PS5 - Speller Assignment Comparison
Hello one and all,
Anyone want to compare the Speller results from the Problem set 5?
I do not think that I am breaking any rules by posting the results only.
Basically kept chipping away, line by line, idea by idea, printeffing almost everything until I got it to work how I wanted (working at all, that is).
I have chosen to keep my hash function relatively simple (but just enough complicated) to get some results (although the design50 is telling me to research online - which is against what the assignment is saying).
Of course my favorite testing file was holmes.txt, with its 1.15 million words.
>
If anyone would like to compare the results, here are mine (tested with various N's, to see the difference in times).
holmes.txt with N = 26
WORDS MISSPELLED: 17845
WORDS IN DICTIONARY: 143091
WORDS IN TEXT: 1150970
TIME IN load: 0.04
TIME IN check: 203.65
TIME IN size: 0.00
TIME IN unload: 0.01
TIME IN TOTAL: 203.70
holmes.txt with N = 676 (26^2)
WORDS MISSPELLED: 17845
WORDS IN DICTIONARY: 143091
WORDS IN TEXT: 1150970
TIME IN load: 0.03
TIME IN check: 7.80
TIME IN size: 0.00
TIME IN unload: 0.02
TIME IN TOTAL: 7.85
holmes.txt with N = 17576 (26^3)
WORDS MISSPELLED: 17845
WORDS IN DICTIONARY: 143091
WORDS IN TEXT: 1150970
TIME IN load: 0.04
TIME IN check: 1.35
TIME IN size: 0.00
TIME IN unload: 0.02
TIME IN TOTAL: 1.42
holmes.txt with N = 35152 (26^3)*2
WORDS MISSPELLED: 17845
WORDS IN DICTIONARY: 143091
WORDS IN TEXT: 1150970
TIME IN load: 0.03
TIME IN check: 1.10
TIME IN size: 0.00
TIME IN unload: 0.02
TIME IN TOTAL: 1.15
holmes.txt with N = 143091 (words in dictionary)
WORDS MISSPELLED: 17845
WORDS IN DICTIONARY: 143091
WORDS IN TEXT: 1150970
TIME IN load: 0.05
TIME IN check: 0.99
TIME IN size: 0.00
TIME IN unload: 0.02
TIME IN TOTAL: 1.06
holmes.txt with N = 456976 (26^4)
WORDS MISSPELLED: 17845
WORDS IN DICTIONARY: 143091
WORDS IN TEXT: 1150970
TIME IN load: 0.05
TIME IN check: 0.95
TIME IN size: 0.00
TIME IN unload: 0.02
TIME IN TOTAL: 1.02
Valgrind result:
==59758==
==59758== HEAP SUMMARY:
==59758== in use at exit: 0 bytes in 0 blocks
==59758== total heap usage: 143,096 allocs, 143,096 frees, 8,023,256 bytes allocated
==59758==
==59758== All heap blocks were freed -- no leaks are possible
==59758==
==59758== For lists of detected and suppressed errors, rerun with: -s
==59758== ERROR SUMMARY: 0 errors from 0 contexts (suppressed: 0 from 0)

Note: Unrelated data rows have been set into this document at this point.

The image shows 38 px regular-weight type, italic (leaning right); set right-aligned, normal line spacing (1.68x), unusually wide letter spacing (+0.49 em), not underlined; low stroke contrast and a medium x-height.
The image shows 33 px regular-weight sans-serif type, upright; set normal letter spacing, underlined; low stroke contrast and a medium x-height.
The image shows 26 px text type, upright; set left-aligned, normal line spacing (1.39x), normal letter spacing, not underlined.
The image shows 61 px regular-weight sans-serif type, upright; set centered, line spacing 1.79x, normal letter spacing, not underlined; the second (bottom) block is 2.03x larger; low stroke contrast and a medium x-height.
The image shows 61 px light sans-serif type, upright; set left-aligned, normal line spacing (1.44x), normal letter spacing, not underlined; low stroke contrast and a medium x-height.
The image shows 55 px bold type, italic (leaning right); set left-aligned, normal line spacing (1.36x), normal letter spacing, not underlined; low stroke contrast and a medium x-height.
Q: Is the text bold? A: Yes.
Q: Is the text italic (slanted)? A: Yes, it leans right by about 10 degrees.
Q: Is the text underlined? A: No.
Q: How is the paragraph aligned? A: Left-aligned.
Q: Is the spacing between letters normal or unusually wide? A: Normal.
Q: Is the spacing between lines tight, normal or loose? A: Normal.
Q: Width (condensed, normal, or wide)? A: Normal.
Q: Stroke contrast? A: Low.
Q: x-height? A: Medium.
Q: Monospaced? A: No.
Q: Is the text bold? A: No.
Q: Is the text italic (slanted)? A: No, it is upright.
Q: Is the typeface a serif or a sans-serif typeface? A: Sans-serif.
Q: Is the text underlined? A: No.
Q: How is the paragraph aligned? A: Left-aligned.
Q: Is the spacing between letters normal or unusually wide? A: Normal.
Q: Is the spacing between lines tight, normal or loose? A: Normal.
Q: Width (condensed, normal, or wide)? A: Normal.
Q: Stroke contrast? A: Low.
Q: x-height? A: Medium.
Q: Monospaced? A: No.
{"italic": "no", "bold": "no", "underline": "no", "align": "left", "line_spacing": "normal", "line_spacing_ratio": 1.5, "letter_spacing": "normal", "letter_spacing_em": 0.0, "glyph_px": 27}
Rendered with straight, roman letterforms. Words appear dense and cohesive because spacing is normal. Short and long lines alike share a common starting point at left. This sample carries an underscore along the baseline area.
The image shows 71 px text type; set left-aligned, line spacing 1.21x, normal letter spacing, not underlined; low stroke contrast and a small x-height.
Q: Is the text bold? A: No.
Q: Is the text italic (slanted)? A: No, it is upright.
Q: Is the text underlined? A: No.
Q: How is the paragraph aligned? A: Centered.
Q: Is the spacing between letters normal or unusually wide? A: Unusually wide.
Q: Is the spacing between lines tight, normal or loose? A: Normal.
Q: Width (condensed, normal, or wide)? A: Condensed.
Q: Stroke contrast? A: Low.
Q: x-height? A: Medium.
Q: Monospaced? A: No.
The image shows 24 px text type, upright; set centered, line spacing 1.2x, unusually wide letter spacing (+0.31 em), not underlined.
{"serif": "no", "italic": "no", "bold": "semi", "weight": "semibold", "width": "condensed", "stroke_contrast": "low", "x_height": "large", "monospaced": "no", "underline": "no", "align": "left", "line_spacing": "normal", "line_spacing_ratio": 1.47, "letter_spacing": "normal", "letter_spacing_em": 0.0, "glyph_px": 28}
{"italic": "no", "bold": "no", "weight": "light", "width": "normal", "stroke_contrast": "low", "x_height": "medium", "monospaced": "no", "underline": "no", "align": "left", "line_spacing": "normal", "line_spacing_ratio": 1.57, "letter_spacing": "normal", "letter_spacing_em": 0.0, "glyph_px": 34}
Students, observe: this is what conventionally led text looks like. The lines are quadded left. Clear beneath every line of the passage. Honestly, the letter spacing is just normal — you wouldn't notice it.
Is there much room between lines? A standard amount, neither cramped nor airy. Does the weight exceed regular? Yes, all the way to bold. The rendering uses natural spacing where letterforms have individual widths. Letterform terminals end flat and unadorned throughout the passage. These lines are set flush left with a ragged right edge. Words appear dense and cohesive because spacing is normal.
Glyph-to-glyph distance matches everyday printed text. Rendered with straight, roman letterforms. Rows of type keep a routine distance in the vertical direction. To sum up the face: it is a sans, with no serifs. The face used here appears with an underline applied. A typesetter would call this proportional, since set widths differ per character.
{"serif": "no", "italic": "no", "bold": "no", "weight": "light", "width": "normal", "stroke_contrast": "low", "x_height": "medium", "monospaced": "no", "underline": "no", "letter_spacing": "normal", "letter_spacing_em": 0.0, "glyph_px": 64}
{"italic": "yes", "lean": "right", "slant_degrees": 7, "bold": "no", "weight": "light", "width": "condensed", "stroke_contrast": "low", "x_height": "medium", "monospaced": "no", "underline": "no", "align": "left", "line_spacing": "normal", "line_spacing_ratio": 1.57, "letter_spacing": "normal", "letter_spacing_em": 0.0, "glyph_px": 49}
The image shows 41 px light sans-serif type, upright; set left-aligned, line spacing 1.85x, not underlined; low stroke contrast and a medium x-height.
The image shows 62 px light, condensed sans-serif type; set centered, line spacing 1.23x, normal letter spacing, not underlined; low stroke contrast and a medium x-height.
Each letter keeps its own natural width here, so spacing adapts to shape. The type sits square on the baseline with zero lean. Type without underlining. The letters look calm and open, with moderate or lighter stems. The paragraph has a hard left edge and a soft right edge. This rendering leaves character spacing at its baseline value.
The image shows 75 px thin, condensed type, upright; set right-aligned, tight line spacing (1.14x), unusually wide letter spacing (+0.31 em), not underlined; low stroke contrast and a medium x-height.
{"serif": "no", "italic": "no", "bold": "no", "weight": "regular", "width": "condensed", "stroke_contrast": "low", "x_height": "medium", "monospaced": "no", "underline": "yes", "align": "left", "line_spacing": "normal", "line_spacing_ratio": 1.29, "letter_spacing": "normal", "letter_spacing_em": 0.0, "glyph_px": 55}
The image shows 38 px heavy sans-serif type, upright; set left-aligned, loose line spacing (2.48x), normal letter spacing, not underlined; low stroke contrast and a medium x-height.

Basically, with my code, the main factor was the amount of hash table buckets - how fast was the check function in finding the word.
I am not smart enough to say that increasing the amount of buckets by 100k to gain 0.1 seconds is advisable, but hey - I tried it.
It would also be interesting to see what would happen if a trie was implemented. I assume the amount of memory would explode (each letter would have 26 or 27 nodes for the ' ). But would it be faster?